It has been 2 months since Gracie came into the world in perfect stillness and silence. Two months. 9 weeks. 61 days. A lifetime. Every day is so different from the day before, yet they are all the same. I think about Gracie as soon as I wake up in the morning, she is my last thought before I go to sleep, and she consumes much of my thought process throughout the time in between.
The second month turned out to be so much harder than the first, especially the last two weeks. I have countless thoughts every day that I would never have had if Gracie had come home with us; sometimes one thought leads to another, which leads to another, which leads to another, and so on – sometimes they are completely random and disconnected, and the only common denominator is that they are all my thoughts. Some of them are completely rational, expected thoughts and feelings; others actually cause me to have feelings of guilt and shame, and make me wonder how anyone (let alone me) could think such horrible and rotten things.
I watch other people going about their normal business; I wish they knew how I was feeling, and I wonder if they have ever been in this place. I find myself staring down other women with pregnant bellies, babies or toddlers. I catch myself feeling envious of them, but them I remind myself that I have no idea what they may have experienced in the past and no idea what they may have gone through to get where they are – perhaps they have been down this same road and are finally getting their rainbow baby. I also remind myself that no one knows what terrible surprises and pain might lie ahead of them, and then pray that they are not chosen to walk the road that we are walking. I sometimes find myself overwhelmed by feelings of envy toward people I know who are still pregnant or have infants. I would never wish this on anyone, and I am so thankful that most of our friends and family have never experienced this, but I sometimes wonder ‘Why us and not someone else?’ And then I return to wondering how anyone could have such an awful thought.

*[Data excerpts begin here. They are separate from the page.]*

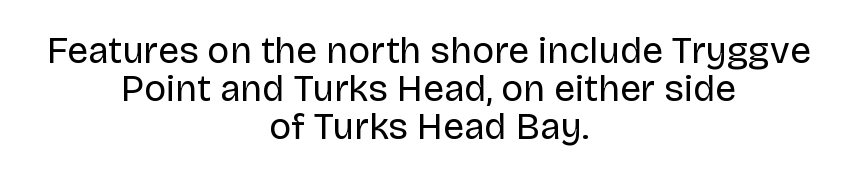
{"serif": "no", "italic": "no", "bold": "no", "weight": "regular", "width": "normal", "stroke_contrast": "low", "x_height": "large", "monospaced": "no", "underline": "no", "align": "center", "line_spacing": "tight", "line_spacing_ratio": 1.03, "letter_spacing": "normal", "letter_spacing_em": 0.0, "glyph_px": 37}
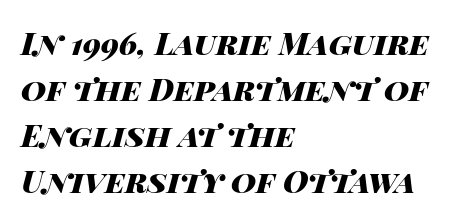
The paragraph shown leans on its left margin. Look at the tracking — it's just the regular setting, nothing added. Line spacing here is normal. Descender tails drop into unmarked territory. Students, this is bold: see how much ink each stroke carries. You could not count columns in this text — the font is proportionally spaced.
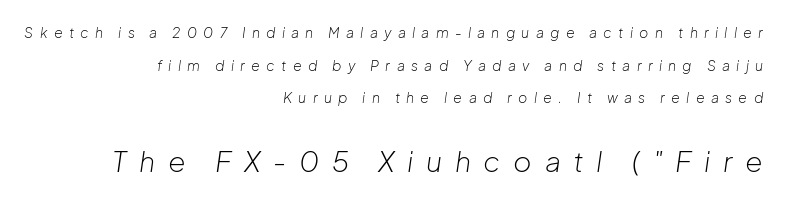
Which chunk is bigger? The second one — the bottom block dwarfs the top. The rendering applies a slant to the glyphs. Caption: expanded tracking, letters set apart. The strip under each line holds only bare page. This sample is right-justified, so line beginnings fall wherever the words allow.
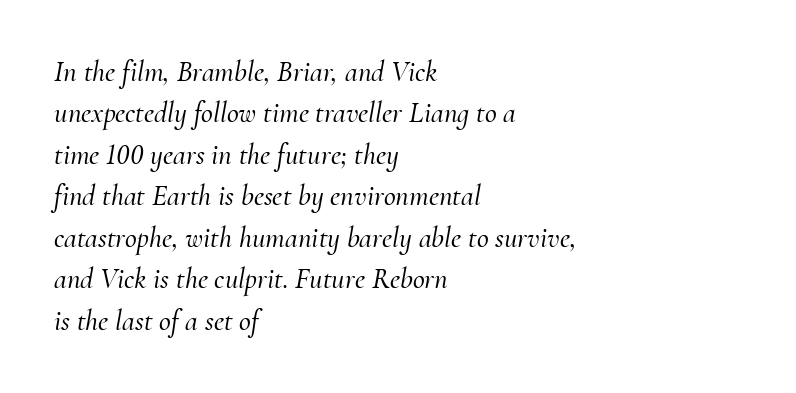
A typesetter would call this proportional, since set widths differ per character. These lines stack with their left ends in a neat column. The axis of the letterforms is tilted away from vertical. In terms of letterform style, serifs are clearly present.
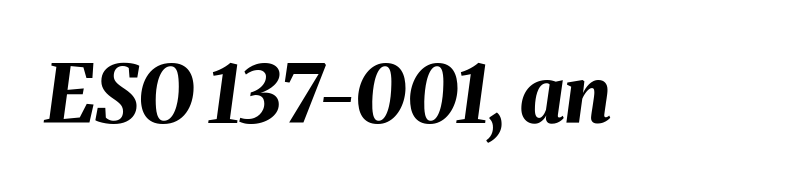
The image shows 79 px bold type, italic (leaning right); set normal letter spacing, not underlined; medium stroke contrast and a medium x-height.
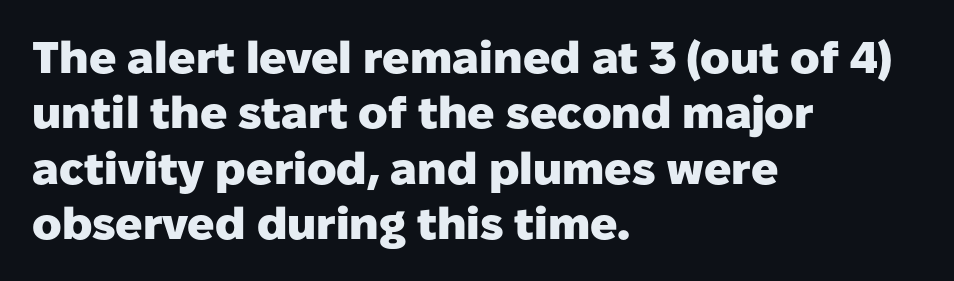
The image shows 45 px heavy sans-serif type, upright; set left-aligned, line spacing 1.23x, normal letter spacing, not underlined; low stroke contrast and a medium x-height.
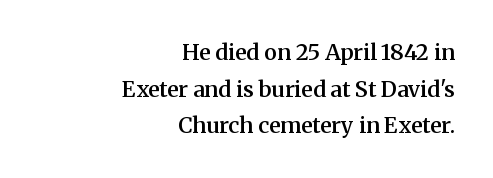
Q: Is the text bold? A: Semi-bold.
Q: Is the text italic (slanted)? A: No, it is upright.
Q: Is the text underlined? A: No.
Q: How is the paragraph aligned? A: Right-aligned.
Q: Is the spacing between letters normal or unusually wide? A: Normal.
Q: Is the spacing between lines tight, normal or loose? A: Normal.
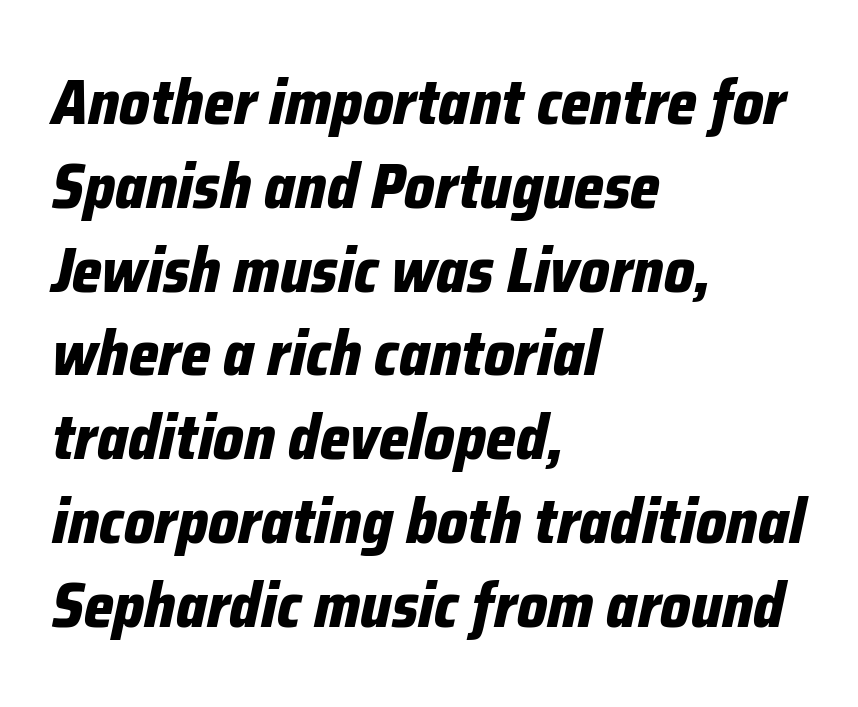
{"italic": "yes", "lean": "right", "slant_degrees": 12, "bold": "yes", "weight": "bold", "width": "condensed", "stroke_contrast": "low", "x_height": "medium", "monospaced": "no", "underline": "no", "align": "left", "line_spacing": "normal", "line_spacing_ratio": 1.33, "letter_spacing": "normal", "letter_spacing_em": 0.0, "glyph_px": 63}
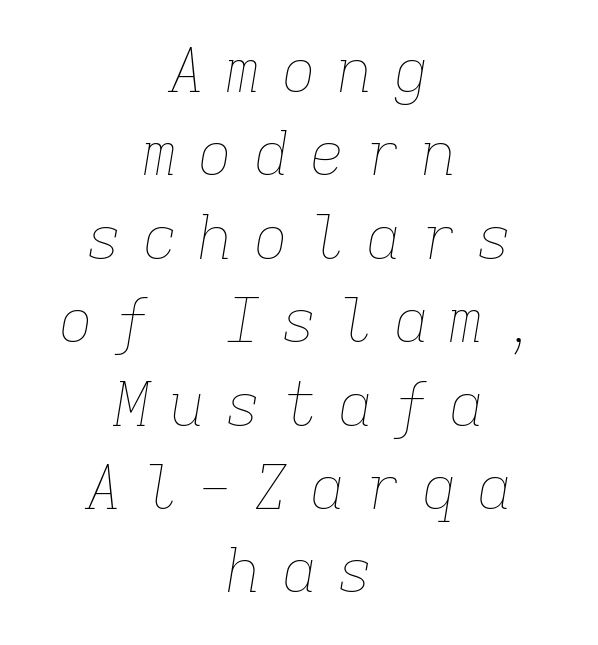
Q: Is the text bold? A: No.
Q: Is the text italic (slanted)? A: Yes, it leans right by about 9 degrees.
Q: Is the text underlined? A: No.
Q: How is the paragraph aligned? A: Centered.
Q: Is the spacing between letters normal or unusually wide? A: Unusually wide.
Q: Is the spacing between lines tight, normal or loose? A: Normal.
Q: Width (condensed, normal, or wide)? A: Normal.
Q: Stroke contrast? A: Low.
Q: x-height? A: Medium.
Q: Monospaced? A: Yes.

In the past, I have been accused of being an angry person; those who really know me understand that I am not an angry person - just a realist with a relatively strong cynical streak. But since September 14th I have been that angry person. I knew that the anger would come and I was waiting for it…but it still managed to sneak in with no warning…..and it absolutely doesn’t suit me. I can’t stand being angry, especially since I have no legitimate target for the anger. We have been robbed of so much, and I don’t want ever want a day to go by that I don’t think about Gracie, but the unending anger makes me feel like I’m dwelling and wallowing in self-pity. I have been trying really hard to balance the angry thoughts with some positives. I try to remember that someday Jeff and I will be reunited with Gracie, and then we will be complete again. I try to remember that we can use our experience to help others get through similar loss and pain. I try to remember that, although nothing will ever replace what we have lost, happier times in our lives lie ahead.
I continue to encounter people who either don’t know what happened to Gracie, as well as those who have not yet had (or taken) the opportunity to express their condolences. Most of these people want to express their condolences on the spot, and really do mean well, but most of the time I wish they would just say ‘I’m sorry,’ and leave it at that. Anything beyond that just usually sets me off inside. I could elaborate on this, but I won’t.
I wonder every day what the last two months would have been like with Gracie. I wonder when we would really be celebrating the one or two month marks and how much she would have weighed by the time she was ready to make her grand appearance. I wonder if she felt any pain before she died. I wonder what she would have looked like with her eyes open. I think about all of the proactive things that we did during pregnancy and wonder if it really had any influence or affect on her well-being….and I sometimes wonder if anything that we did sped up or delayed the inevitable. Although the last 61 days have been some of the hardest days of my life, I have no regrets about our time with Gracie. Given the choice to do it again with the same outcome or to not do it at all, I would, unquestionably, do it again. Among so many other things, she has shown us the purest meaning of true and unconditional love, and I would not trade that for anything.